Extract from the entries below, exactly as given, only the lines from the line containing "type: hemiboreal forest" to the line containing "longitude: 15.1500", both lines included.

(RECORDS FOR PROCESSING)

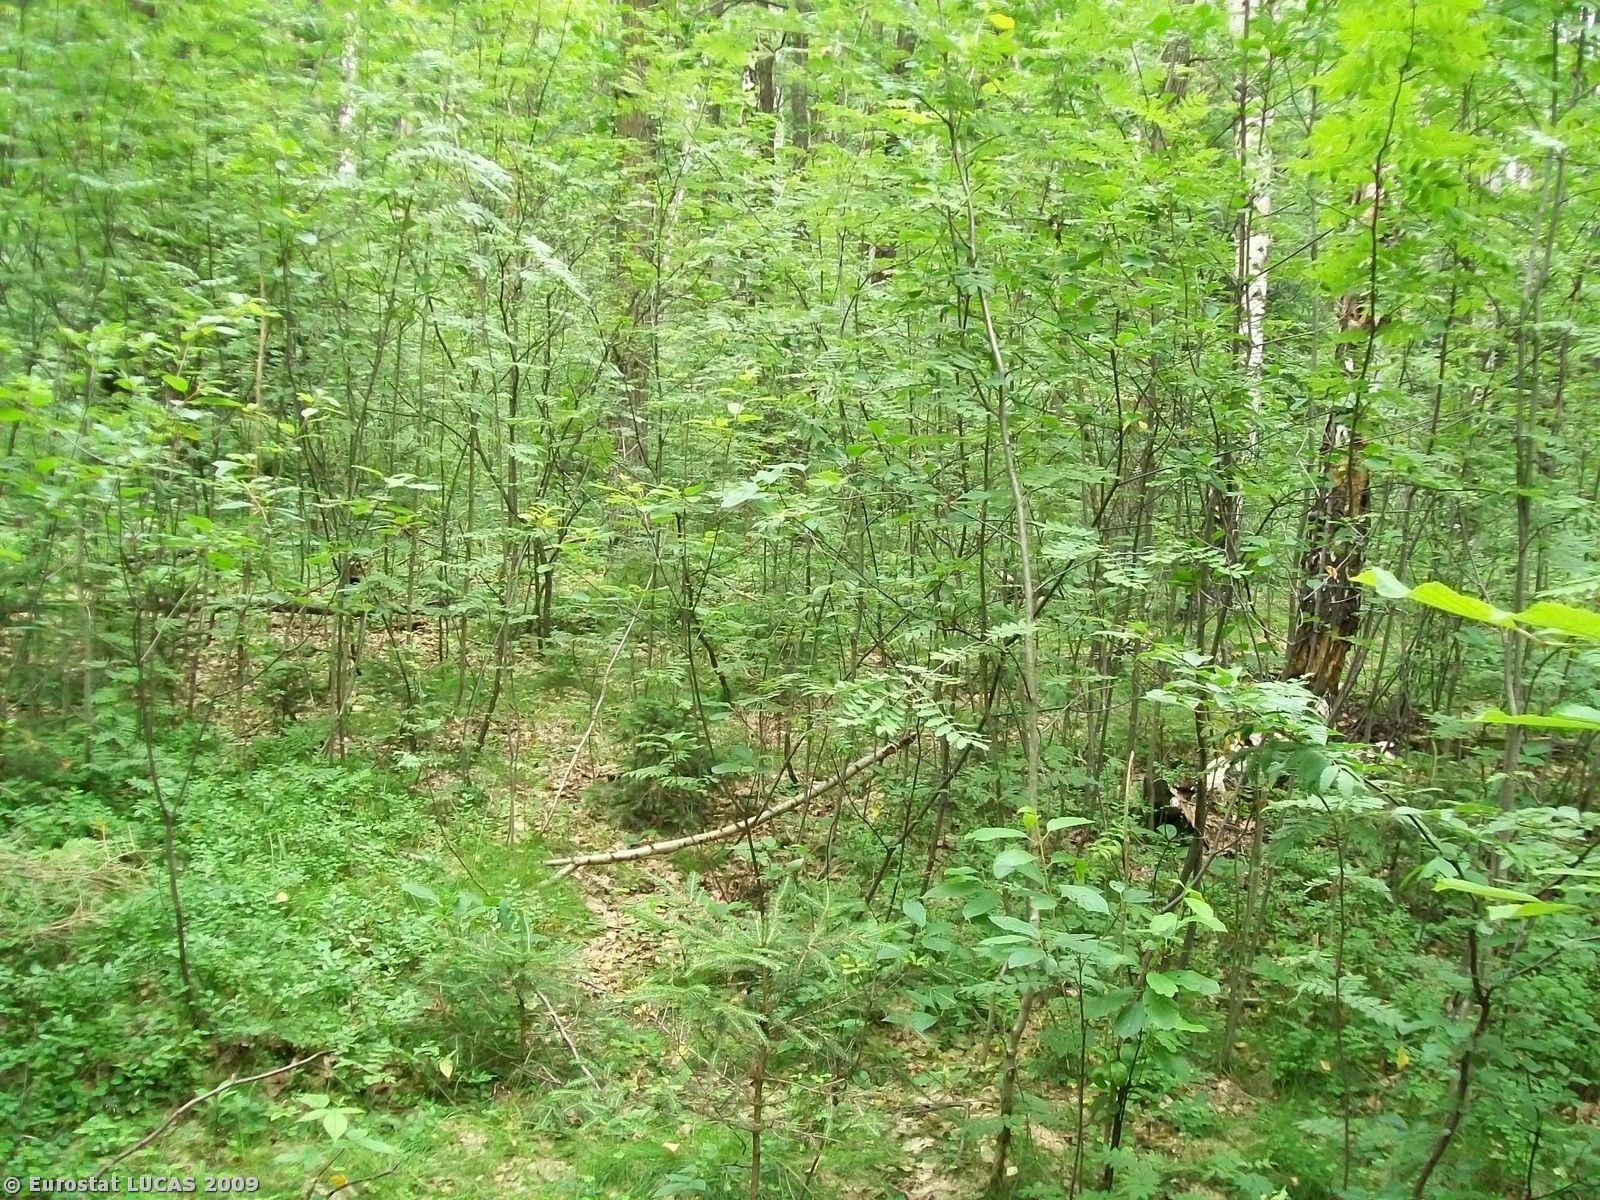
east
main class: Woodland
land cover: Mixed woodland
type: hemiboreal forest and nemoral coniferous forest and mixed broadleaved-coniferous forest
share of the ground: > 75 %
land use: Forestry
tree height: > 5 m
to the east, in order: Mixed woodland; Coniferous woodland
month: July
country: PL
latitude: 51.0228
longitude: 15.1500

(End RECORDS FOR PROCESSING)
(RECORDS FOR PROCESSING)

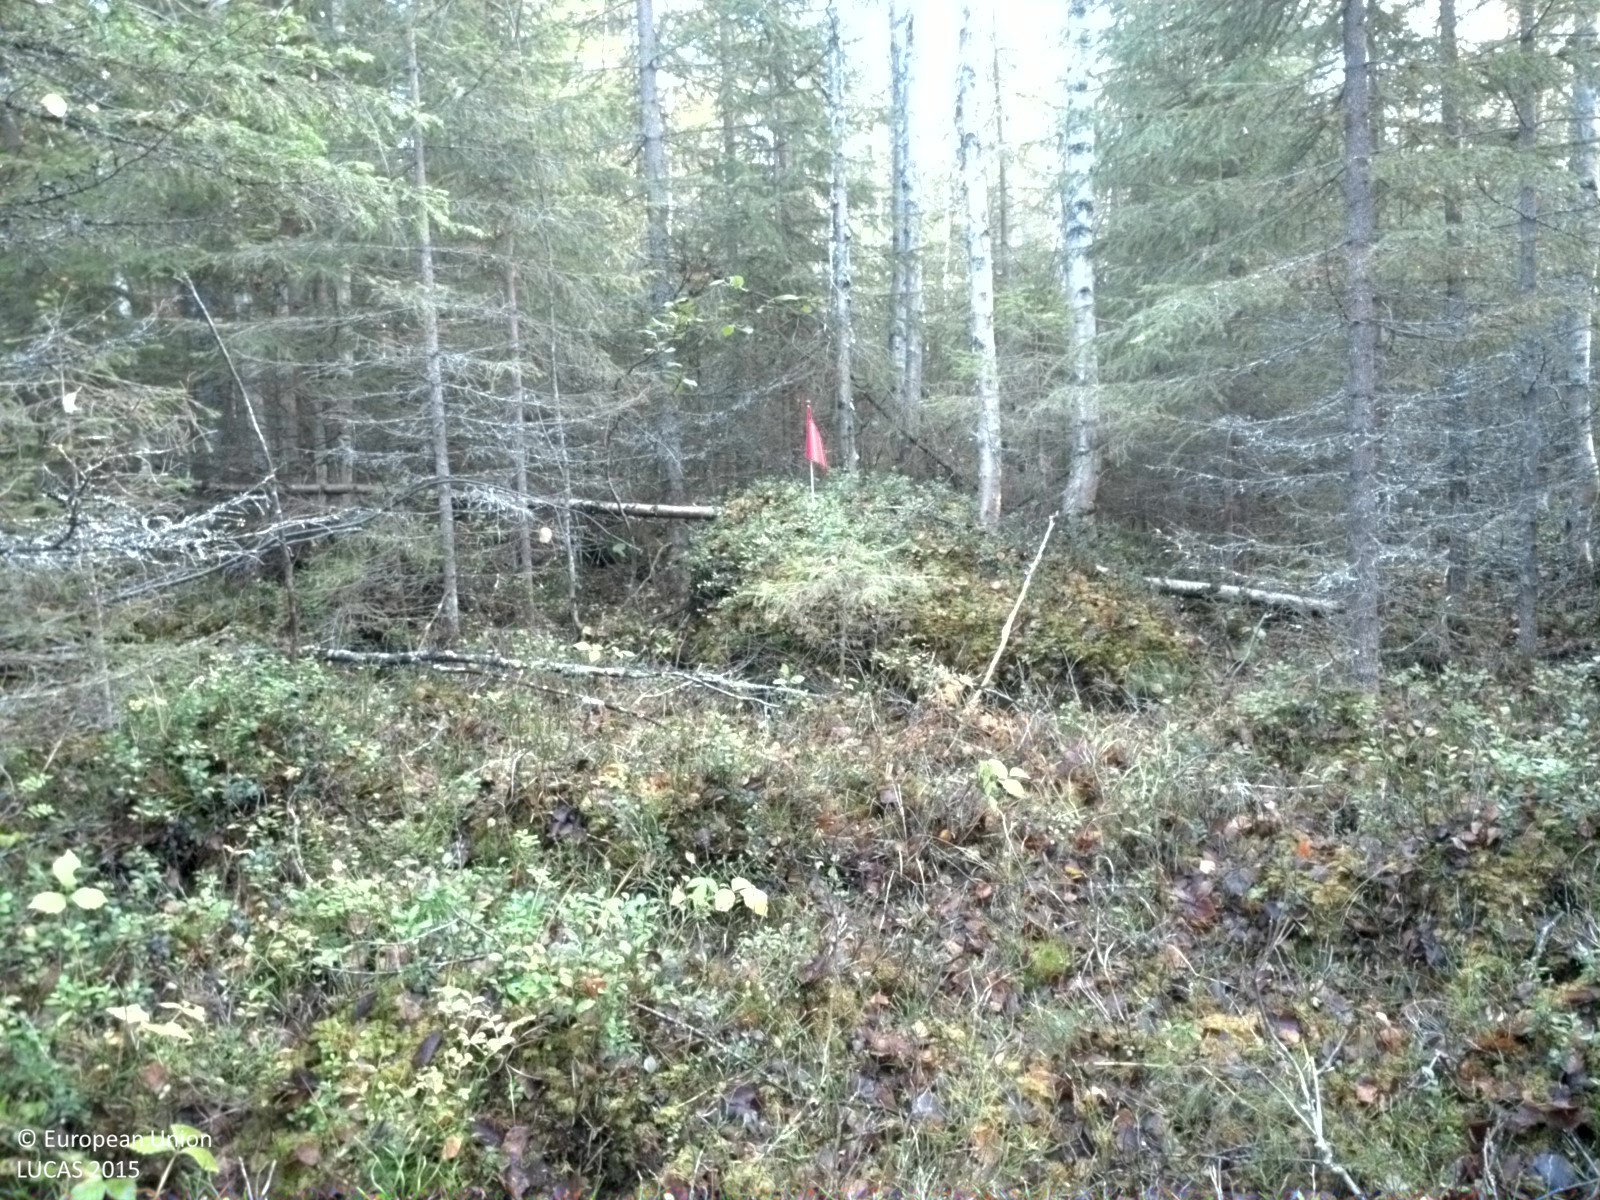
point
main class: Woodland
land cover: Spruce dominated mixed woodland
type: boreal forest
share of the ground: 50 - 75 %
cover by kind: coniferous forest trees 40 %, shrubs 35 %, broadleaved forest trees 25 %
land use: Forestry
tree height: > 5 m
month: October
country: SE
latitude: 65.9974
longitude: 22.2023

(End RECORDS FOR PROCESSING)

[PROBLEM SOLUTION]:
type: hemiboreal forest and nemoral coniferous forest and mixed broadleaved-coniferous forest
share of the ground: > 75 %
land use: Forestry
tree height: > 5 m
to the east, in order: Mixed woodland; Coniferous woodland
month: July
country: PL
latitude: 51.0228
longitude: 15.1500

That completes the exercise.